Но вернемся к литобъединению. Поначалу его вела административная (от издательства) руководительница Вера Васильевна Юровская. Не понимаю, почему Юровская была Васильевной — так не переводится ни одно еврейское имя, а она была еврейкой и своего происхождения не скрывала. Кажется, она происходила из старобольшевистской семьи. Была ли она в родстве с цареубийцей Юровским — не знаю. Тогда таких «заслуг» не скрывали, но речь об этом при мне ни разу не заходила. Юровская поначалу отнеслась ко мне хорошо, но особо душевных бесед у меня с ней не было.
Я ее считал трусихой. Скорее всего, несправедливо, хотя она и впрямь всего боялась. Так ведь не зря же. Возможно, это было связано с ее старобольшевистским родством, если оно мне не приснилось. Ибо, хотя формально оно продолжало считаться почетным, но на самом деле оно теперь скорее отягощало анкету, а по линии МГБ просто выглядело подозрительно. Так что вполне возможно, что она так всего боялась еще и по этой причине.

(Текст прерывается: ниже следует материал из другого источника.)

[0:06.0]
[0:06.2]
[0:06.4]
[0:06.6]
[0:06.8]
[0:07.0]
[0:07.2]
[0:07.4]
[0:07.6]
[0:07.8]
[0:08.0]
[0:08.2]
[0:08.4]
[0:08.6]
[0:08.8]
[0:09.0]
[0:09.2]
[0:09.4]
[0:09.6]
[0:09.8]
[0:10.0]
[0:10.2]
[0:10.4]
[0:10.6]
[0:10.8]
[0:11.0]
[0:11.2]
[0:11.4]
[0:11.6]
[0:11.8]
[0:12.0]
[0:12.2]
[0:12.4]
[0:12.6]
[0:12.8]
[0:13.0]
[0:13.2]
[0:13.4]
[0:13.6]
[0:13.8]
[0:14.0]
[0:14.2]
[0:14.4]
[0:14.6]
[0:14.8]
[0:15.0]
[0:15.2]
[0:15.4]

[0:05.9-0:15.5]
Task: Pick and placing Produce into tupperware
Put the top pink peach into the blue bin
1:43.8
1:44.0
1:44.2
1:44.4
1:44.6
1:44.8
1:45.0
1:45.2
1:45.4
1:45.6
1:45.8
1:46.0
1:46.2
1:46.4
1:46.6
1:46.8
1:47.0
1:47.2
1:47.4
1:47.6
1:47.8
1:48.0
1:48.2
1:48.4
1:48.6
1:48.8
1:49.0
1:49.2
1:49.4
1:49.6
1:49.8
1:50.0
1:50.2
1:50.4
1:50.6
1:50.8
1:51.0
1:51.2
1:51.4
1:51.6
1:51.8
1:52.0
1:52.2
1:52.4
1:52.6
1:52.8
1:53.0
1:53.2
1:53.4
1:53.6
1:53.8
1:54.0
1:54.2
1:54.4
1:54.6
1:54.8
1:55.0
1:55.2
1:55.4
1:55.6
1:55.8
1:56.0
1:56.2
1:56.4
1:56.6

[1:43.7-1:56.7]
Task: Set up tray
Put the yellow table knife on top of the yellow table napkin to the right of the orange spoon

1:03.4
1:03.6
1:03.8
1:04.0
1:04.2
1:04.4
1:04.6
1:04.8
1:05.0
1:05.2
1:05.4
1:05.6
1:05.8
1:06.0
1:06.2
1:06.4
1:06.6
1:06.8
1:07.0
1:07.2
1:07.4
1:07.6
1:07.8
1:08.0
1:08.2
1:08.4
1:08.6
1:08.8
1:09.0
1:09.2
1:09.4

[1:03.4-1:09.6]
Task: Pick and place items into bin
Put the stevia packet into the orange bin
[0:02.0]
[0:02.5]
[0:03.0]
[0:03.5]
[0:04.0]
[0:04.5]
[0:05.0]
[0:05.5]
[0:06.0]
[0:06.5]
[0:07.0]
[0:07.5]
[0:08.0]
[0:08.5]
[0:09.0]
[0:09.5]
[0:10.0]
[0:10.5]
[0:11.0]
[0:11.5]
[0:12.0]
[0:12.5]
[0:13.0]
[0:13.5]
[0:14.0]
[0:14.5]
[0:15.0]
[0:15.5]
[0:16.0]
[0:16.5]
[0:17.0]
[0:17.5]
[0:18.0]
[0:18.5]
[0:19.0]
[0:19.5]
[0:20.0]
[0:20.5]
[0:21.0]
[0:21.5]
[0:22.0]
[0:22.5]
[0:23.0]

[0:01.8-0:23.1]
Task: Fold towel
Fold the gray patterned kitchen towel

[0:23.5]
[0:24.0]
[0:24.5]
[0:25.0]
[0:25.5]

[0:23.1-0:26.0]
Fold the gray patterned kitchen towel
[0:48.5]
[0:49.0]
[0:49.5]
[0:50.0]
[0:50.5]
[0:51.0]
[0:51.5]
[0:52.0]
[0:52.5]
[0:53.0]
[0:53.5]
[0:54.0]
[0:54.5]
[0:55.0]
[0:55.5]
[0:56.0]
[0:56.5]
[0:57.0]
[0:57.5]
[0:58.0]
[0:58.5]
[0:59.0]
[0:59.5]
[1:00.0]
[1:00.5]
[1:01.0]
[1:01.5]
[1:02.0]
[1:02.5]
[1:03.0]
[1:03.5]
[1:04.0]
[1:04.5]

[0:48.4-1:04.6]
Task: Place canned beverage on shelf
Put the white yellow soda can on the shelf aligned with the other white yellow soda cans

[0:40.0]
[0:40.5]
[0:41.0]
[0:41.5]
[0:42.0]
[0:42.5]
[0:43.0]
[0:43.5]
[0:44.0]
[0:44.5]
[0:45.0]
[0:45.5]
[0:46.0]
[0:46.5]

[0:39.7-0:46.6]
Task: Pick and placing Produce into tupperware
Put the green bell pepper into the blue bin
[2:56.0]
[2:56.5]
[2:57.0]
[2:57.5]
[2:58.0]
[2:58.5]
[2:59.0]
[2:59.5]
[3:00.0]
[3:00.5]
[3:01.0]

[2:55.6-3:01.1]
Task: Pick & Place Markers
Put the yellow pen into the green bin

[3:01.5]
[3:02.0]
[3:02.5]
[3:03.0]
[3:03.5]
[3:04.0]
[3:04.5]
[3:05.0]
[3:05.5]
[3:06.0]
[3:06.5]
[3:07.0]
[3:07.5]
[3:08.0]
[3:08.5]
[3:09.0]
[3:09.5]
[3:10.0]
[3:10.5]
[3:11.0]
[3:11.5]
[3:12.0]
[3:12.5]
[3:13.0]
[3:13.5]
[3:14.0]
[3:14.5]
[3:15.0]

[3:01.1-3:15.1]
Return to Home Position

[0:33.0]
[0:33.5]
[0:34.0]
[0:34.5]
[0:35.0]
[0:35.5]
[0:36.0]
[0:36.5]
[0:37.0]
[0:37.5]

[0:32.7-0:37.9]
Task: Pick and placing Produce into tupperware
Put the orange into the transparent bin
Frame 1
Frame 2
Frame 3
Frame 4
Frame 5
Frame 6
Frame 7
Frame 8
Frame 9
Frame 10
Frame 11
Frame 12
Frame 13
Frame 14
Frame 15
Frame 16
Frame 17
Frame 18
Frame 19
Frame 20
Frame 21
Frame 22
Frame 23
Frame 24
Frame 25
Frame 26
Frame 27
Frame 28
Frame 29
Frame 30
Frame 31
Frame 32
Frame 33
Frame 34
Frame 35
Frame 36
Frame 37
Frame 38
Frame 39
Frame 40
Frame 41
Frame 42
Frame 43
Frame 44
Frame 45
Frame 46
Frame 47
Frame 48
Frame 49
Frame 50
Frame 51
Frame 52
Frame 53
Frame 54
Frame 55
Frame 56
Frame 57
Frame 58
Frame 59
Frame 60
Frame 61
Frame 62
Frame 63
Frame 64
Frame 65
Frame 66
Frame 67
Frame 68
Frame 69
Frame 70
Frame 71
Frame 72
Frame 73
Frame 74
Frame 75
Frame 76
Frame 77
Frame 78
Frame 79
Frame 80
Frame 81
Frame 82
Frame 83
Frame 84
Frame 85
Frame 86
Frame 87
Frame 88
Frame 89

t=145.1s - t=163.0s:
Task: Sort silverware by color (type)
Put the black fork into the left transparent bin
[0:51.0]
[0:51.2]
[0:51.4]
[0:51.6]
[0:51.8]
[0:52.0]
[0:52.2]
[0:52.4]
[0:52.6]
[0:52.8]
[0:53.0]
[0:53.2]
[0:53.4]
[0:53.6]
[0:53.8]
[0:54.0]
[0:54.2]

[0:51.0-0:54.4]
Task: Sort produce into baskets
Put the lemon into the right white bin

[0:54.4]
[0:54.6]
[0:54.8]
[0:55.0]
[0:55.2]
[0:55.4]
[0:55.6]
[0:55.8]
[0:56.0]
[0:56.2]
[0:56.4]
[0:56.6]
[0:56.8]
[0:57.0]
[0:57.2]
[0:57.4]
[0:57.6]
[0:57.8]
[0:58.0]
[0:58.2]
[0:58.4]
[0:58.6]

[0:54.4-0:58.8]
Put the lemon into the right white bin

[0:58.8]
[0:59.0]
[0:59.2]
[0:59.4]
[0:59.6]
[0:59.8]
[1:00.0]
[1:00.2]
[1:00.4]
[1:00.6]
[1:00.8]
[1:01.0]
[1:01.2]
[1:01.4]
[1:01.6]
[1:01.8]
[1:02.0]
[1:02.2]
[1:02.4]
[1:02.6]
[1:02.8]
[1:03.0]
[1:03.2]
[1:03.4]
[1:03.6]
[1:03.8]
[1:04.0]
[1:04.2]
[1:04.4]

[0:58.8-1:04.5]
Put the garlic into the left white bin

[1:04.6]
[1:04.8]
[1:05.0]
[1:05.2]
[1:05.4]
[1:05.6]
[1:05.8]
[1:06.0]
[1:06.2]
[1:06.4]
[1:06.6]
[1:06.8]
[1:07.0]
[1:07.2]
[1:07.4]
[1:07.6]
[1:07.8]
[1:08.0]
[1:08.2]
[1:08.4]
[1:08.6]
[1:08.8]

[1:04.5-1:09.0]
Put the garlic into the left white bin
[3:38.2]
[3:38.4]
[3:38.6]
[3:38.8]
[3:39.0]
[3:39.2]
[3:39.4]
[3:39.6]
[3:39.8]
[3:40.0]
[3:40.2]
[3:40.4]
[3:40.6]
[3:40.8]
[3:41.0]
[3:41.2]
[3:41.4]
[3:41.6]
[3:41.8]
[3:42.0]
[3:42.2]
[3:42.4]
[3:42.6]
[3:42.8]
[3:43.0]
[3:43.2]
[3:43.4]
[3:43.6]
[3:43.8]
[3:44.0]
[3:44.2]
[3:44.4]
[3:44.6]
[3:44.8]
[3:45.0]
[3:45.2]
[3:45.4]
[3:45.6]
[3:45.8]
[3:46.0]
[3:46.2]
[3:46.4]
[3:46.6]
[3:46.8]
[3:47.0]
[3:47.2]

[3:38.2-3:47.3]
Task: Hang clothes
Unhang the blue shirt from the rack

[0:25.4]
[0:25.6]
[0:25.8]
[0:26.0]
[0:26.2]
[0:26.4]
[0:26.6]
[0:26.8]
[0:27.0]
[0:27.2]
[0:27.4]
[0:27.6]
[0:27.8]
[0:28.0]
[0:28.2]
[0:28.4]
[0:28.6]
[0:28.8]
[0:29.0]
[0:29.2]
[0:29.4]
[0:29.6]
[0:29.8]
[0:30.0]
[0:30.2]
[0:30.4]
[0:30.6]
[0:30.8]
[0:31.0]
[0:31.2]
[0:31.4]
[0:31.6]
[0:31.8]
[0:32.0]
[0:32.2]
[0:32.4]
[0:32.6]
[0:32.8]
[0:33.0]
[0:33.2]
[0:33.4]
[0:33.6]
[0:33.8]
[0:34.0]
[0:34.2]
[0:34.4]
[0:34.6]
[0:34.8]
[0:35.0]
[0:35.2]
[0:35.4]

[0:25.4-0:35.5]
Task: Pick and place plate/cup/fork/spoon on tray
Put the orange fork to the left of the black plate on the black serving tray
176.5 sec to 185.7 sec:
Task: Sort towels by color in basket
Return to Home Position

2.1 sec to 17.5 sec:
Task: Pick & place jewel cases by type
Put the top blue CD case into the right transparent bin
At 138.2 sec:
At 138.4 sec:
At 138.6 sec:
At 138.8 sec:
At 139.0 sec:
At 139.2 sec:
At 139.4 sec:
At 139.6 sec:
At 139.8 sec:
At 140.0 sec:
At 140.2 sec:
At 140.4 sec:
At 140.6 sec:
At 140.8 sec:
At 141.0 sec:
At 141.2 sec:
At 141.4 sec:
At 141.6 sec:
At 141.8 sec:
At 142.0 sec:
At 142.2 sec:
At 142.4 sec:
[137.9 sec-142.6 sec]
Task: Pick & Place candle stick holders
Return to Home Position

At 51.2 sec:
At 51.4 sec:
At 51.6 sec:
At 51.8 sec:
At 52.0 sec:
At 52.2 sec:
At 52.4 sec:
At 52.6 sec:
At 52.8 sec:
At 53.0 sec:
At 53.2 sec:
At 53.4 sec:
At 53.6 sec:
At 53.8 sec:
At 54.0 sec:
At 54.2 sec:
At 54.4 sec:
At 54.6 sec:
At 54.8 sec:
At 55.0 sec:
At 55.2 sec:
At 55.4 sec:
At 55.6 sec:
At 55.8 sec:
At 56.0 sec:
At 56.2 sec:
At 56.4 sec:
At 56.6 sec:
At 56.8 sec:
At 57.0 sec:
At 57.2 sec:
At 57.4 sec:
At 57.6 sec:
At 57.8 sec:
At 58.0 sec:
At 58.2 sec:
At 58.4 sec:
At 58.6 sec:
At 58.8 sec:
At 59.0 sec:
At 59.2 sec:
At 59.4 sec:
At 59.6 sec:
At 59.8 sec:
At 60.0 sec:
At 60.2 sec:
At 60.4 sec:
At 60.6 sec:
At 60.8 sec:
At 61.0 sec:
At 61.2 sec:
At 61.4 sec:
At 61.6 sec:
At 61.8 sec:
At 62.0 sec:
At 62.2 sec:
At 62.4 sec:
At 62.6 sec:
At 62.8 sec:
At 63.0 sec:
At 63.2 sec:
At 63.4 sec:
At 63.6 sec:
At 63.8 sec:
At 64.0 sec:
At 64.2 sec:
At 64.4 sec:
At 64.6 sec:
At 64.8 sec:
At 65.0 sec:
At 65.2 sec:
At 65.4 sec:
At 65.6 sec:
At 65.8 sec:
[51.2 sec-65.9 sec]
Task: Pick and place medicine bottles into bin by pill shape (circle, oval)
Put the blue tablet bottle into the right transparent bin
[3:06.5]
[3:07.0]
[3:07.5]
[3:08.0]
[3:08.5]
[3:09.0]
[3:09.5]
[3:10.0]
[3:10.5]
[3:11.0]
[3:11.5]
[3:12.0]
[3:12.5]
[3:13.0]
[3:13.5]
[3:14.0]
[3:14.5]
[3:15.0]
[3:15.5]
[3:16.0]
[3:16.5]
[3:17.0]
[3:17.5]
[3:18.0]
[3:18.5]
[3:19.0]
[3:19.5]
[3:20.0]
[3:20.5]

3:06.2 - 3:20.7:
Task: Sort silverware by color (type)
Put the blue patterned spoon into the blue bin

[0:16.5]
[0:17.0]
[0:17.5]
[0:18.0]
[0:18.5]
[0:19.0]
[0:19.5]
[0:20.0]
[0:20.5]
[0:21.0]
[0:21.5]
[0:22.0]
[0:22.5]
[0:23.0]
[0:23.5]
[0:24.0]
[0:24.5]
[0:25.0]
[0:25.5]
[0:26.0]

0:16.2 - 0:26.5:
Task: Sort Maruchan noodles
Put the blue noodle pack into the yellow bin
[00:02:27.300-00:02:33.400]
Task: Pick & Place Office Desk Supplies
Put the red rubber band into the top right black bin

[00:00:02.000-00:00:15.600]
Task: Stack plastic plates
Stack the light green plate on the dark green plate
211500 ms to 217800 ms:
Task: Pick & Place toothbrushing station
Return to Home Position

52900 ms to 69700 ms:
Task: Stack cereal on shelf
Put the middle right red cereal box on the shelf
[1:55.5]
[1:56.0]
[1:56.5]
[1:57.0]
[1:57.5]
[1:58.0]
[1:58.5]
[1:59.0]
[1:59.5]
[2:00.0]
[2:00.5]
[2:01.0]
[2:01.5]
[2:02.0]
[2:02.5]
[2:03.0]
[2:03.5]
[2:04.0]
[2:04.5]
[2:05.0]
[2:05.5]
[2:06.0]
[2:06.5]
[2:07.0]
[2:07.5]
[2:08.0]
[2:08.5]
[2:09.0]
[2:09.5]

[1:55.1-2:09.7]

Конечно, к большевикам (говорю о «настоящих», «идейных» или представлявших себя таковыми), которые от всего «отдельно взятого» (ими за горло) народа требовали безграничного самопожертвования, а сами, когда пришлось, за редким исключением, не проявили и тени готовности к нему, — особый счет. Но речь сейчас не о старых большевиках, а о Юровской, которая лично вряд ли была в чем-либо виновата и вполне имела права бояться моей лихости. Я не был идиотом и тоже понимал, что за это не милуют, но, воспитанный в героических традициях Ленинского комсомола и большевистской принципиальности, какими они представлялись в книгах, а отчасти и сталинской пропагандой, я не считал это достаточным основанием для отказа от истины. Примат общественного над личным, верности Революции над личной безопасностью (причем не только своей) я понимал буквально и воистину бескомпромиссно — хотя и вразрез с властью, якобы являющейся воплощением этих «добродетелей». И я действовал в соответствии с этим, ни с чем не считаясь — другими словами, публично читал стихи, которые писал. Стихи, отчасти уже знакомые читателю этой книги, отчасти (если мною же не забракованы) опубликованные в начале моих сборников, заграничных и «худлитовского».
Что происходило! Мне «давали отпор», запрещали читать стихи, выступать, запрещали даже приходить, а я в шинели без хлястика и в буденновке со звездой на лбу (и то, и другое, правда, в «товарном» виде, мне подарил Марк Малков, упоминавшийся в предыдущей главе) все равно там появлялся, как призрак военного коммунизма, выступал и читал. А директора издательства Михаила Тюрина, собственно и велевшего меня изгнать, даже вставил в стихи, которые тогда читал везде, но давно не читаю и публиковать не собираюсь. Лишь к слову здесь приведу отрывок. Выглядел в нем он так:
Из этого видно, что все, чего я не любил, я относил к проявлениям старого мира (себя — к новому). И что с врагами его был беспощаден — в смысле словесных приговоров. Между тем Михаил Иванович Тюрин просто знал, что за это бывает, независимо от того, новый это мир или старый. Правда, недоброе чувство ко мне он сохранил надолго. Не за эти строки — он о них вряд ли знал, а за перенесенные страхи. Уже через много лет, когда в «Известиях», где он тогда был замом главного, он обнаружил мою подпись под напечатанной репликой, он очень сетовал, что не заметил ее раньше — такого человека, как я, по его мнению, и близко нельзя было подпускать к газете.
Я и сегодня не знаю, как относиться к своему тогдашнему поведению. Ибо, с одной стороны, оно было проявлением самоупоенного эгоизма по отношению к малым (и не очень малым) сим, к «дрожащей — и вовсе не без причин — твари». Но была и другая сторона. Не мог я в девятнадцать лет вдруг взять да и перестать проявляться, практически — существовать. Да и хорошо ли бы это было? Что вообще нравственно в годы декретированной безнравственности? И дальше — рассказывать о том, что я тогда вытворял, значит хвастать собственным «героизмом». Между тем героизма там не было. Героизм — это направленное деяние, имеющее некоторую возвышенную цель. Ничего подобного у меня не было. Такой задачи, чтобы люди, выслушав мои стихи, «встали и пошли», я, видит Бог, перед собой не ставил. Да и куда было им идти? Психологически это был совсем не героизм.